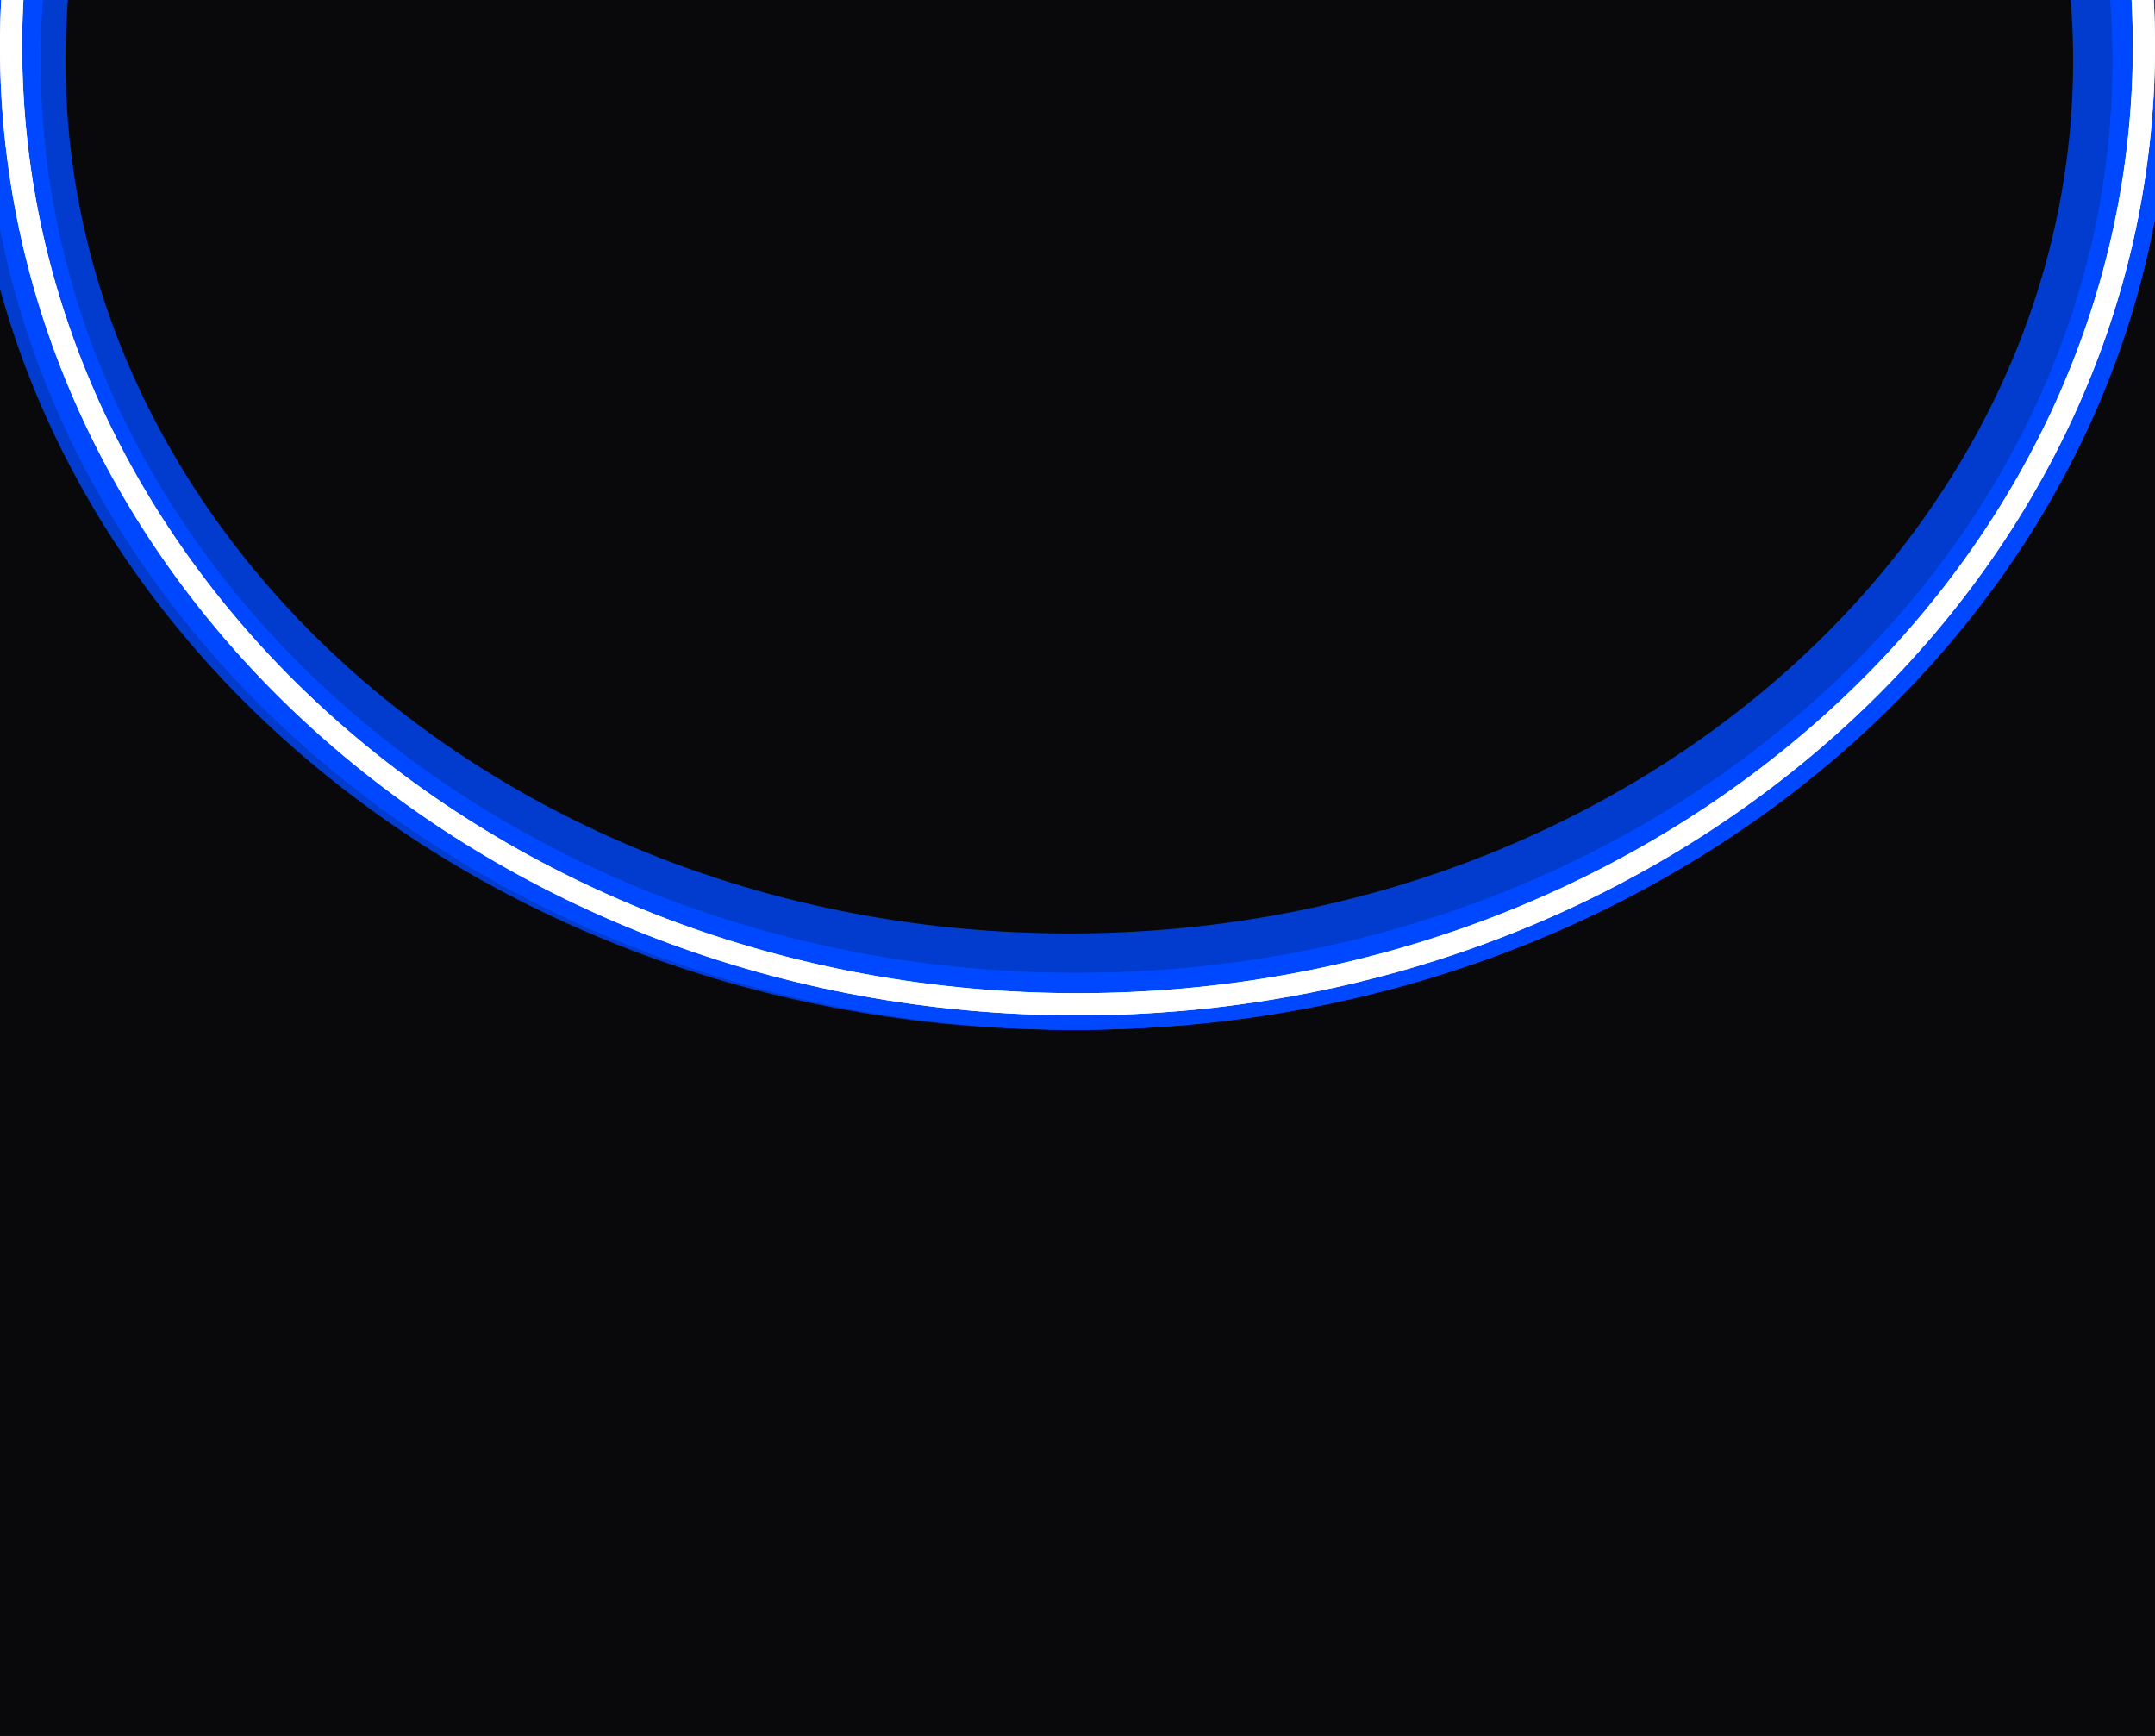<svg width="2237" height="1802" viewBox="0 0 2237 1802" fill="none" xmlns="http://www.w3.org/2000/svg">
<rect width="2237" height="1802" fill="#1E1E1E"/>
<g clip-path="url(#clip0_0_1)">
<rect width="2237" height="1802" fill="#09090B"/>
<g style="mix-blend-mode:plus-lighter" filter="url(#filter0_f_0_1)">
<path d="M1117.5 -913.5C1731.21 -913.5 2222.5 -473.073 2222.5 63C2222.5 599.073 1731.21 1039.5 1117.5 1039.5C503.792 1039.5 12.5 599.073 12.5 63C12.5 -473.073 503.792 -913.5 1117.5 -913.5Z" stroke="#0048FF" stroke-width="59"/>
</g>
<g style="mix-blend-mode:plus-lighter" filter="url(#filter1_f_0_1)">
<path d="M1117.5 -913.5C1731.21 -913.5 2222.5 -473.073 2222.5 63C2222.5 599.073 1731.21 1039.5 1117.5 1039.5C503.792 1039.5 12.5 599.073 12.5 63C12.5 -473.073 503.792 -913.5 1117.5 -913.5Z" stroke="#0048FF" stroke-width="59"/>
</g>
<g style="mix-blend-mode:plus-lighter" opacity="0.8" filter="url(#filter2_f_0_1)">
<path d="M1110 -893C1719.24 -893 2202 -459.215 2202 63C2202 585.215 1719.24 1019 1110 1019C500.759 1019 18 585.215 18 63C18 -459.215 500.759 -893 1110 -893Z" stroke="#0048FF" stroke-width="100"/>
</g>
<g style="mix-blend-mode:plus-lighter" filter="url(#filter3_f_0_1)">
<path d="M1118.5 -946.5C1731.06 -946.5 2225.5 -500.131 2225.5 48C2225.5 596.131 1731.06 1042.5 1118.5 1042.5C505.944 1042.5 11.5 596.131 11.5 48C11.5 -500.131 505.944 -946.5 1118.5 -946.5Z" stroke="white" stroke-width="23"/>
</g>
<path d="M1118.5 -946.5C1731.06 -946.5 2225.5 -500.131 2225.5 48C2225.5 596.131 1731.06 1042.5 1118.5 1042.5C505.944 1042.5 11.5 596.131 11.5 48C11.5 -500.131 505.944 -946.5 1118.5 -946.5Z" stroke="white" stroke-width="23"/>
</g>
<defs>
<filter id="filter0_f_0_1" x="-117" y="-1043" width="2469" height="2212" filterUnits="userSpaceOnUse" color-interpolation-filters="sRGB">
<feFlood flood-opacity="0" result="BackgroundImageFix"/>
<feBlend mode="normal" in="SourceGraphic" in2="BackgroundImageFix" result="shape"/>
<feGaussianBlur stdDeviation="50" result="effect1_foregroundBlur_0_1"/>
</filter>
<filter id="filter1_f_0_1" x="-117" y="-1043" width="2469" height="2212" filterUnits="userSpaceOnUse" color-interpolation-filters="sRGB">
<feFlood flood-opacity="0" result="BackgroundImageFix"/>
<feBlend mode="normal" in="SourceGraphic" in2="BackgroundImageFix" result="shape"/>
<feGaussianBlur stdDeviation="50" result="effect1_foregroundBlur_0_1"/>
</filter>
<filter id="filter2_f_0_1" x="-332" y="-1243" width="2884" height="2612" filterUnits="userSpaceOnUse" color-interpolation-filters="sRGB">
<feFlood flood-opacity="0" result="BackgroundImageFix"/>
<feBlend mode="normal" in="SourceGraphic" in2="BackgroundImageFix" result="shape"/>
<feGaussianBlur stdDeviation="150" result="effect1_foregroundBlur_0_1"/>
</filter>
<filter id="filter3_f_0_1" x="-40" y="-998" width="2317" height="2092" filterUnits="userSpaceOnUse" color-interpolation-filters="sRGB">
<feFlood flood-opacity="0" result="BackgroundImageFix"/>
<feBlend mode="normal" in="SourceGraphic" in2="BackgroundImageFix" result="shape"/>
<feGaussianBlur stdDeviation="20" result="effect1_foregroundBlur_0_1"/>
</filter>
<clipPath id="clip0_0_1">
<rect width="2237" height="1802" fill="white"/>
</clipPath>
</defs>
</svg>

- - - -

### How to complete this task
Where an entry contains an image, skip the image and write out the rest exactly.

### Response below
<svg width="2237" height="1802" viewBox="0 0 2237 1802" fill="none" xmlns="http://www.w3.org/2000/svg">
<rect width="2237" height="1802" fill="#1E1E1E"/>
<g clip-path="url(#clip0_0_1)">
<rect width="2237" height="1802" fill="#09090B"/>
<g style="mix-blend-mode:plus-lighter" filter="url(#filter0_f_0_1)">
<path d="M1117.5 -913.5C1731.21 -913.5 2222.5 -473.073 2222.5 63C2222.5 599.073 1731.21 1039.5 1117.5 1039.5C503.792 1039.5 12.5 599.073 12.5 63C12.5 -473.073 503.792 -913.5 1117.5 -913.5Z" stroke="#0048FF" stroke-width="59"/>
</g>
<g style="mix-blend-mode:plus-lighter" filter="url(#filter1_f_0_1)">
<path d="M1117.5 -913.5C1731.21 -913.5 2222.5 -473.073 2222.5 63C2222.5 599.073 1731.21 1039.5 1117.5 1039.5C503.792 1039.5 12.5 599.073 12.5 63C12.5 -473.073 503.792 -913.5 1117.5 -913.5Z" stroke="#0048FF" stroke-width="59"/>
</g>
<g style="mix-blend-mode:plus-lighter" opacity="0.8" filter="url(#filter2_f_0_1)">
<path d="M1110 -893C1719.24 -893 2202 -459.215 2202 63C2202 585.215 1719.24 1019 1110 1019C500.759 1019 18 585.215 18 63C18 -459.215 500.759 -893 1110 -893Z" stroke="#0048FF" stroke-width="100"/>
</g>
<g style="mix-blend-mode:plus-lighter" filter="url(#filter3_f_0_1)">
<path d="M1118.5 -946.5C1731.06 -946.5 2225.5 -500.131 2225.5 48C2225.5 596.131 1731.06 1042.5 1118.5 1042.5C505.944 1042.5 11.5 596.131 11.5 48C11.5 -500.131 505.944 -946.5 1118.5 -946.5Z" stroke="white" stroke-width="23"/>
</g>
<path d="M1118.5 -946.5C1731.06 -946.5 2225.5 -500.131 2225.5 48C2225.5 596.131 1731.06 1042.5 1118.5 1042.5C505.944 1042.5 11.5 596.131 11.5 48C11.5 -500.131 505.944 -946.5 1118.5 -946.5Z" stroke="white" stroke-width="23"/>
</g>
<defs>
<filter id="filter0_f_0_1" x="-117" y="-1043" width="2469" height="2212" filterUnits="userSpaceOnUse" color-interpolation-filters="sRGB">
<feFlood flood-opacity="0" result="BackgroundImageFix"/>
<feBlend mode="normal" in="SourceGraphic" in2="BackgroundImageFix" result="shape"/>
<feGaussianBlur stdDeviation="50" result="effect1_foregroundBlur_0_1"/>
</filter>
<filter id="filter1_f_0_1" x="-117" y="-1043" width="2469" height="2212" filterUnits="userSpaceOnUse" color-interpolation-filters="sRGB">
<feFlood flood-opacity="0" result="BackgroundImageFix"/>
<feBlend mode="normal" in="SourceGraphic" in2="BackgroundImageFix" result="shape"/>
<feGaussianBlur stdDeviation="50" result="effect1_foregroundBlur_0_1"/>
</filter>
<filter id="filter2_f_0_1" x="-332" y="-1243" width="2884" height="2612" filterUnits="userSpaceOnUse" color-interpolation-filters="sRGB">
<feFlood flood-opacity="0" result="BackgroundImageFix"/>
<feBlend mode="normal" in="SourceGraphic" in2="BackgroundImageFix" result="shape"/>
<feGaussianBlur stdDeviation="150" result="effect1_foregroundBlur_0_1"/>
</filter>
<filter id="filter3_f_0_1" x="-40" y="-998" width="2317" height="2092" filterUnits="userSpaceOnUse" color-interpolation-filters="sRGB">
<feFlood flood-opacity="0" result="BackgroundImageFix"/>
<feBlend mode="normal" in="SourceGraphic" in2="BackgroundImageFix" result="shape"/>
<feGaussianBlur stdDeviation="20" result="effect1_foregroundBlur_0_1"/>
</filter>
<clipPath id="clip0_0_1">
<rect width="2237" height="1802" fill="white"/>
</clipPath>
</defs>
</svg>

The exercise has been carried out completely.